Leena Malhotra

Posted on Dec 18, 2025

I Let an AI Agent Handle a Multi-Step Task. Here's Where It Broke

#agents #ai #webdev #programming

I gave an AI agent what seemed like a straightforward task: analyze our API usage logs, identify rate limit violations, generate a report summarizing the patterns, and draft an email to affected users explaining the changes we'd need to make.

Four steps. Clear inputs. Well-defined outputs. The kind of task that should be perfect for AI automation.

Three hours later, I had a partially complete report, two abandoned attempts, and a much clearer understanding of where current AI agents actually break down on complex workflows.

The problem wasn't the AI's intelligence.
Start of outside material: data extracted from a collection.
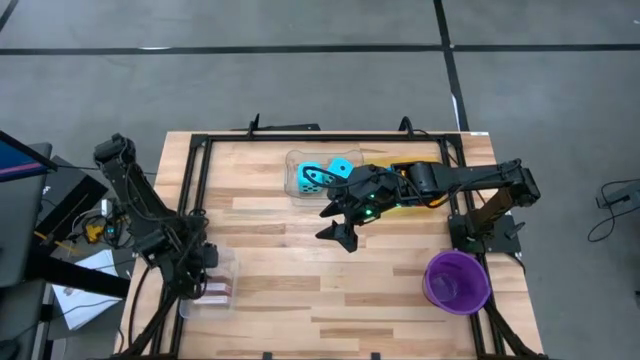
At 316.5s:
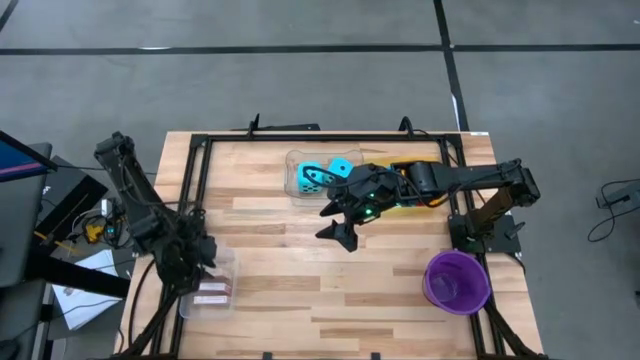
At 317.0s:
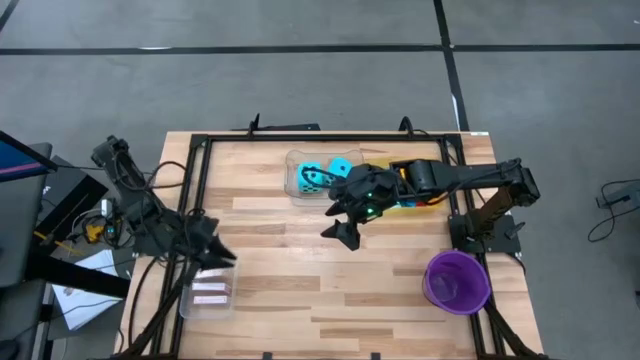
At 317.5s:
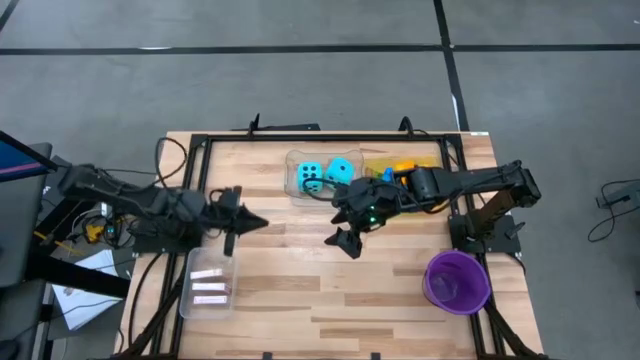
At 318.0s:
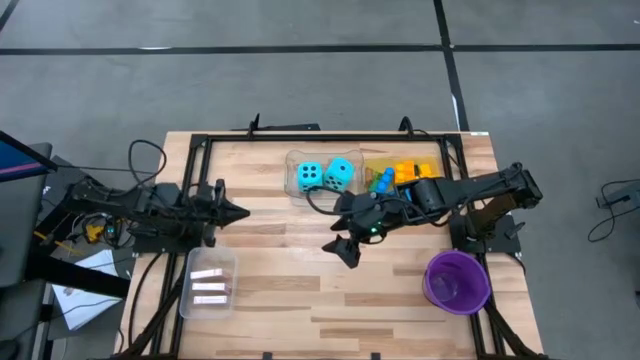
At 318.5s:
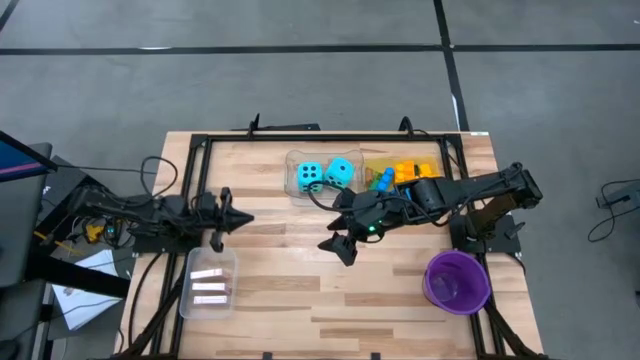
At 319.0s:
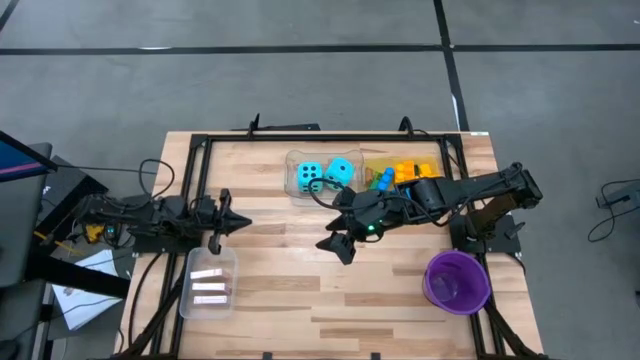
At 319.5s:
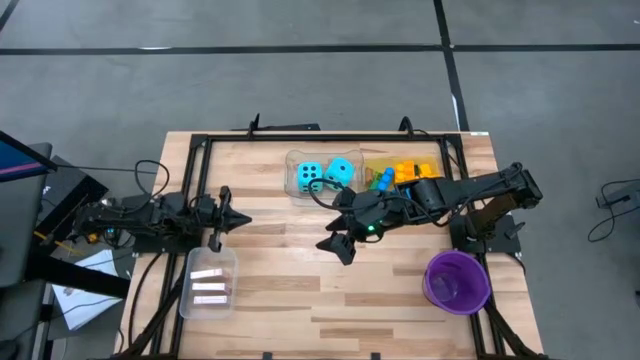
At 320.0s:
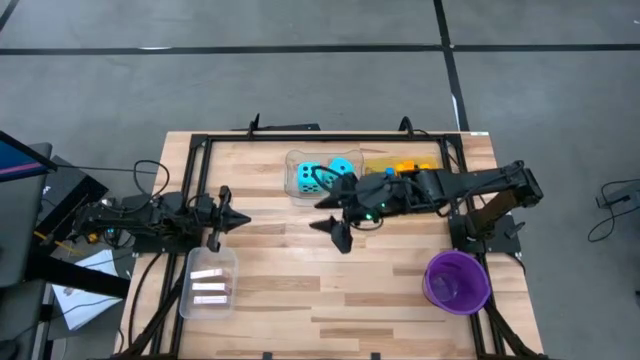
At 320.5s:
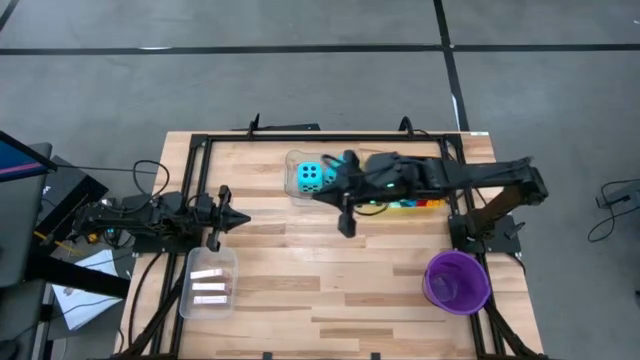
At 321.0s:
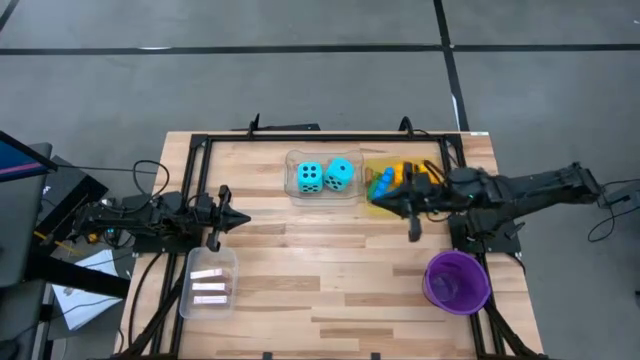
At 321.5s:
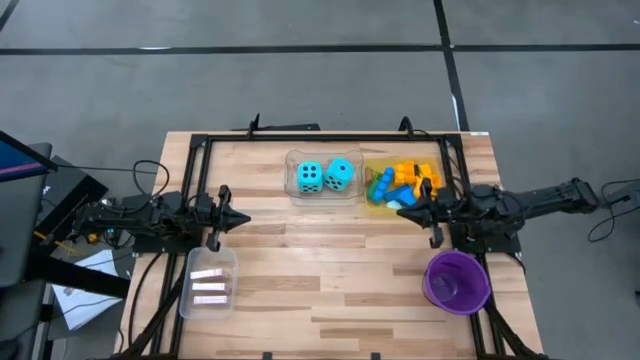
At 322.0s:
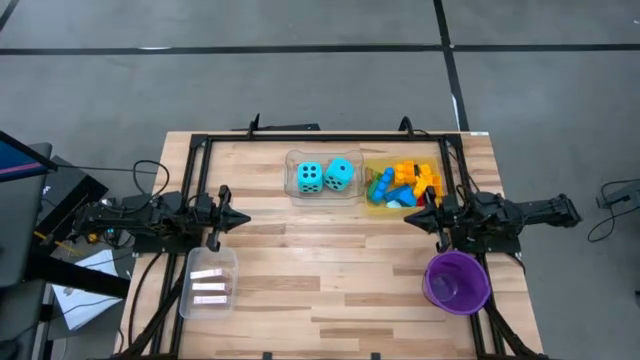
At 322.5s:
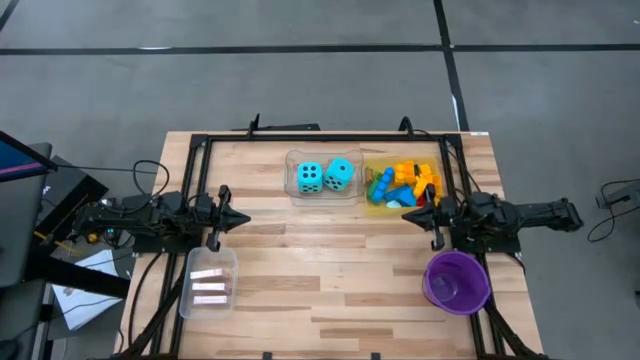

The problem was that multi-step tasks aren't actually linear—and AI agents don't handle branching, backtracking, and context preservation the way humans naturally do.

What I Expected vs. What Happened

My mental model of the task was simple:

Parse logs →
Analyze patterns →
Generate report →
Draft email

Linear. Sequential. Each step feeds the next. This is how we decompose complex tasks in our heads, and it's how most AI agent frameworks are designed.

But here's what actually happened:

Step 1 started fine. The agent parsed the logs correctly, identified rate limit events, and extracted relevant fields. No issues.

Step 2 revealed ambiguity. When analyzing patterns, the agent found both IP-based violations and user-based violations. It needed to decide: should the report focus on users or IPs? I never specified. A human would ask. The agent guessed—and guessed wrong. It optimized for IP analysis when I needed user-level insights.

Step 3 hit a dead end. Because Step 2 went the wrong direction, the report it generated was technically correct but strategically useless. I needed to backtrack, reframe the analysis around users, and regenerate the report. But the agent had already moved forward. Its context was locked into the IP-based analysis path.

Step 4 never happened. By the time I manually corrected Step 2 and regenerated Step 3, the agent had lost enough context that the email draft was generic and disconnected from the specific patterns we'd found.

The task wasn't impossible. The AI had all the capabilities needed. But the workflow broke because multi-step tasks require human-like judgment about when to branch, when to backtrack, and when to ask for clarification—and current AI agents don't handle these meta-decisions well.

Where AI Agents Actually Break

After running dozens of similar experiments, I've identified the specific failure modes that plague multi-step AI workflows:

Ambiguity resolution fails silently. When an AI agent encounters ambiguity—multiple valid interpretations of a step—it doesn't stop to ask. It picks one interpretation (often the first or most common) and continues. By the time you realize it went the wrong direction, it's three steps downstream and the context is contaminated.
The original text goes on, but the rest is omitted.